*Exercise brief*: Copy the records below exactly, leaving out any pictures.

*Dataset*:

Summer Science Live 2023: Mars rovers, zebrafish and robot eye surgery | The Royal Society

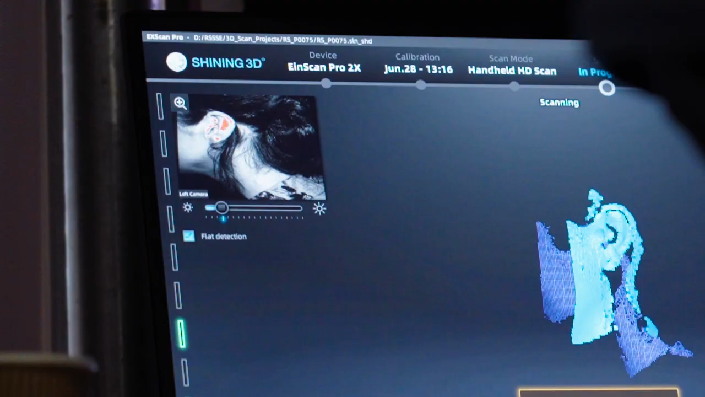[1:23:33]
and it sort of builds up a 3D model of your ear.
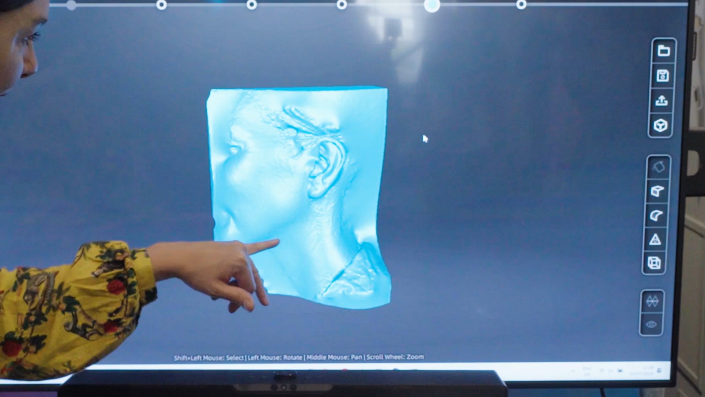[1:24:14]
And it is, oh my gosh, the details and like the ear piercing, you can see so much.

*Result of this exercise*:
Summer Science Live 2023: Mars rovers, zebrafish and robot eye surgery | The Royal Society

[1:23:33]
and it sort of builds up a 3D model of your ear.
[1:24:14]
And it is, oh my gosh, the details and like the ear piercing, you can see so much.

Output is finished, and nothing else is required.